- [PROBLEM]:
Find "output_format: JSON array" and "target: partly ripe grape bunches" in the records below. Copy the lines holding them and every line between, exactly, and no others.

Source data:
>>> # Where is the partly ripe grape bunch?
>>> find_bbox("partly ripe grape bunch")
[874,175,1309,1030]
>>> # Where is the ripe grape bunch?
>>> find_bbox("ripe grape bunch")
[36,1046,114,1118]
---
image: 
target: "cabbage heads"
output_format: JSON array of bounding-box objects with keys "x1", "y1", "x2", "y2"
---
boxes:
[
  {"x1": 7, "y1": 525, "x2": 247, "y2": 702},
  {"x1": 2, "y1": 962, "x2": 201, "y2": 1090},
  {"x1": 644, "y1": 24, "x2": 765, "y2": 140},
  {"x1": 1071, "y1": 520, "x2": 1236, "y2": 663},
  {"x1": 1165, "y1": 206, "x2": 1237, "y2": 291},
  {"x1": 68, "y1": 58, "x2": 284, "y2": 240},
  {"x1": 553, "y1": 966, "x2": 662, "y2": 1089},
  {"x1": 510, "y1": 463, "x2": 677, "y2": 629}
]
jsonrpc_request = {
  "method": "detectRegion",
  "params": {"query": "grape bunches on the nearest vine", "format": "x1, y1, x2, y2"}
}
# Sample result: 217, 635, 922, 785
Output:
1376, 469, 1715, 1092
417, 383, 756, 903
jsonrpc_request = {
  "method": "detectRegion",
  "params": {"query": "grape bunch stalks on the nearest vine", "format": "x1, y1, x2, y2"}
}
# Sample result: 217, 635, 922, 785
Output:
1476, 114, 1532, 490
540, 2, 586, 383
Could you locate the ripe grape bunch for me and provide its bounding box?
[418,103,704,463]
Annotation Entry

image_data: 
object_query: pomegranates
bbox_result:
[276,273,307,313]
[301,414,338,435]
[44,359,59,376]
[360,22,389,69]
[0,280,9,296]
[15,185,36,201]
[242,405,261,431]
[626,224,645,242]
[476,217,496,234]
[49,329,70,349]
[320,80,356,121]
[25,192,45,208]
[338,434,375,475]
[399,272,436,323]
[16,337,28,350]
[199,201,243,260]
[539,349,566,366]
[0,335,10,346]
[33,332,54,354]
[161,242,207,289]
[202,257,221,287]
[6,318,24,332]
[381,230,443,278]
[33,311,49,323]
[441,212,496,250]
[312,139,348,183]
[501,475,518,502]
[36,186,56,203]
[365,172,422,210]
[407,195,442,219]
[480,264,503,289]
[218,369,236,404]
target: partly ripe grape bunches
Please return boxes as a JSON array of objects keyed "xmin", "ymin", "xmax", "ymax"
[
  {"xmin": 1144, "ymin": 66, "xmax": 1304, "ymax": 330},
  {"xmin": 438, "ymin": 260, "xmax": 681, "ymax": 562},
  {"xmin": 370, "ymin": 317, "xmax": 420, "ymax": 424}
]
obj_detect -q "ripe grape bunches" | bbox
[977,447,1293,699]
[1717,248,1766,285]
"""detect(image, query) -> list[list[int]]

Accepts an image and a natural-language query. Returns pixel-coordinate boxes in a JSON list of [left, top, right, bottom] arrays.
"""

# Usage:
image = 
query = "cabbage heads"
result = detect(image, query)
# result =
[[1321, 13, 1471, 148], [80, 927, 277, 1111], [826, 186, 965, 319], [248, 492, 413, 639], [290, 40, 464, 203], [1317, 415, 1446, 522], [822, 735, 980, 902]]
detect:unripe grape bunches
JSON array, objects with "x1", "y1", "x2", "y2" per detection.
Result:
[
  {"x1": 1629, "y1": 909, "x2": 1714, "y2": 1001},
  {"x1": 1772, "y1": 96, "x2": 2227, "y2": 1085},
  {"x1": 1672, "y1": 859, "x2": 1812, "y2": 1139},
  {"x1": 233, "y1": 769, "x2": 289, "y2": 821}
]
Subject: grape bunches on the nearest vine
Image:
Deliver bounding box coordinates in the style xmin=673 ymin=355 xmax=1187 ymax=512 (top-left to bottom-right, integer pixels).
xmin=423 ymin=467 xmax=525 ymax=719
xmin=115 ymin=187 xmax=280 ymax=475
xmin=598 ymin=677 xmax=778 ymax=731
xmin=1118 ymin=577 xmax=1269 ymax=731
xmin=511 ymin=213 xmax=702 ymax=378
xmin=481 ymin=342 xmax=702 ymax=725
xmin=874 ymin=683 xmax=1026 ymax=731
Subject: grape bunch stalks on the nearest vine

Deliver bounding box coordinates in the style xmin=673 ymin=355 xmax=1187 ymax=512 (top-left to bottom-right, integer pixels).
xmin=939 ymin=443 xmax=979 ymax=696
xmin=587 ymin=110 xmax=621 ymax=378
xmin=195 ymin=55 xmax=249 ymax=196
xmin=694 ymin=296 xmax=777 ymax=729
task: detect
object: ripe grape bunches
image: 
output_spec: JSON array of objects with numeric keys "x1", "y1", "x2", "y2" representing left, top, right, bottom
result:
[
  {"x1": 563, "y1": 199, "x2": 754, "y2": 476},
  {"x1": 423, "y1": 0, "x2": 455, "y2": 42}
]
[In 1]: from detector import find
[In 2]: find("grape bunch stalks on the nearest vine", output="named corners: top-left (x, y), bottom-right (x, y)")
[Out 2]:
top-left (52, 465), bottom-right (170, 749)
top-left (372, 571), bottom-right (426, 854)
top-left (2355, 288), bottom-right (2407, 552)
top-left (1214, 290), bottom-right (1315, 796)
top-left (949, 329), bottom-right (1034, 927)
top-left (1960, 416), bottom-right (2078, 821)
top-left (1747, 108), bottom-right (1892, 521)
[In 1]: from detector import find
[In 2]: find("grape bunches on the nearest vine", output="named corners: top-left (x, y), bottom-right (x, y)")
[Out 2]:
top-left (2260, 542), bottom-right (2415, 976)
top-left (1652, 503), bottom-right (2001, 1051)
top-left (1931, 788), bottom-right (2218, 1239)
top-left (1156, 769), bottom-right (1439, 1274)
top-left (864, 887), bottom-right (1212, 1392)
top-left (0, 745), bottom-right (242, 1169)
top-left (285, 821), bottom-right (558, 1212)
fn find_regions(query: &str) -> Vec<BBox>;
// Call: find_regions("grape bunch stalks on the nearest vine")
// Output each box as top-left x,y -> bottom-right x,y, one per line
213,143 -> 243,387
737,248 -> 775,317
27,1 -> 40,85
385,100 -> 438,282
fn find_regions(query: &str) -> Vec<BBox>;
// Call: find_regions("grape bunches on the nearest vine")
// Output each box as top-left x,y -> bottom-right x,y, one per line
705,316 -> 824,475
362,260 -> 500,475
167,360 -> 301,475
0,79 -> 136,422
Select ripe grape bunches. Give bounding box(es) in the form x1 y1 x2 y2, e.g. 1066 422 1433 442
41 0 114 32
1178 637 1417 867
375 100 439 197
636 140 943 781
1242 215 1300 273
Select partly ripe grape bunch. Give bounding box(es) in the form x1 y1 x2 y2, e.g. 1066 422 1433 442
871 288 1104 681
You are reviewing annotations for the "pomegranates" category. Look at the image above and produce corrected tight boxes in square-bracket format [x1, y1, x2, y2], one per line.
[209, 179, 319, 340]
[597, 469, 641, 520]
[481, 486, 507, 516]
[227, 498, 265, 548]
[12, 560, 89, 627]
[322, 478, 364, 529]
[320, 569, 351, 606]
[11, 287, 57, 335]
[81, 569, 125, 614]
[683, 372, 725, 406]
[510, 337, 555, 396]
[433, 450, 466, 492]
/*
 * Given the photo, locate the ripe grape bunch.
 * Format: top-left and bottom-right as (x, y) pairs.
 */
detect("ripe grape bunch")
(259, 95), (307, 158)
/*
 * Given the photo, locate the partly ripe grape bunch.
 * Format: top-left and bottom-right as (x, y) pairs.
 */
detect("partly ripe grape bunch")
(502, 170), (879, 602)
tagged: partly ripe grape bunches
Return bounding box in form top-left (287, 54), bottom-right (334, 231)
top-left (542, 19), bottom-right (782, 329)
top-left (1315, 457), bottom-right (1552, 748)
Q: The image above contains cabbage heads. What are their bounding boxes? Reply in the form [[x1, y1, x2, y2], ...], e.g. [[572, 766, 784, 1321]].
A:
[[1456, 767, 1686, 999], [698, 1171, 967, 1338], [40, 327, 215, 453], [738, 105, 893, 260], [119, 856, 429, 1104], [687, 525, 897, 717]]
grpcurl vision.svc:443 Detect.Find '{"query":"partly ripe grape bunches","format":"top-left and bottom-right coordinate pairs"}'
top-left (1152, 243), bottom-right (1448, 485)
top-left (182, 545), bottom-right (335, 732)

- [OUTPUT BELOW]:
output_format: JSON array of bounding-box objects with keys "x1", "y1", "x2", "y2"
---
boxes:
[
  {"x1": 7, "y1": 525, "x2": 247, "y2": 702},
  {"x1": 2, "y1": 962, "x2": 201, "y2": 1090},
  {"x1": 644, "y1": 24, "x2": 765, "y2": 140},
  {"x1": 1071, "y1": 520, "x2": 1236, "y2": 663},
  {"x1": 1165, "y1": 206, "x2": 1237, "y2": 291},
  {"x1": 68, "y1": 58, "x2": 284, "y2": 240},
  {"x1": 553, "y1": 966, "x2": 662, "y2": 1089},
  {"x1": 510, "y1": 463, "x2": 677, "y2": 629}
]
jsonrpc_request = {
  "method": "detectRegion",
  "params": {"query": "grape bunches on the nearest vine", "format": "x1, y1, x2, y2"}
}
# Sample result: 217, 635, 922, 785
Output:
1376, 469, 1715, 1092
417, 383, 756, 903
jsonrpc_request = {
  "method": "detectRegion",
  "params": {"query": "grape bunch stalks on the nearest vine", "format": "x1, y1, x2, y2"}
}
# Sample result: 217, 635, 922, 785
Output:
1476, 114, 1532, 490
540, 2, 586, 383
Could you locate the ripe grape bunch for me and provide its bounding box?
[418,103,704,463]
Annotation Entry

image_data: 
object_query: pomegranates
bbox_result:
[276,273,307,313]
[301,414,338,435]
[44,359,59,376]
[360,22,389,69]
[0,280,9,296]
[15,185,36,201]
[242,405,261,431]
[626,224,645,242]
[476,217,496,234]
[49,329,70,349]
[320,80,356,121]
[25,192,45,208]
[338,434,375,475]
[399,272,436,323]
[16,337,28,350]
[199,201,243,260]
[539,349,566,366]
[0,335,10,346]
[33,332,54,354]
[161,242,207,289]
[202,257,221,287]
[6,318,24,332]
[381,230,443,278]
[33,311,49,323]
[441,212,496,250]
[312,139,348,183]
[501,475,518,502]
[36,186,56,203]
[365,172,422,210]
[407,195,442,219]
[480,264,503,289]
[218,369,236,404]
target: partly ripe grape bunches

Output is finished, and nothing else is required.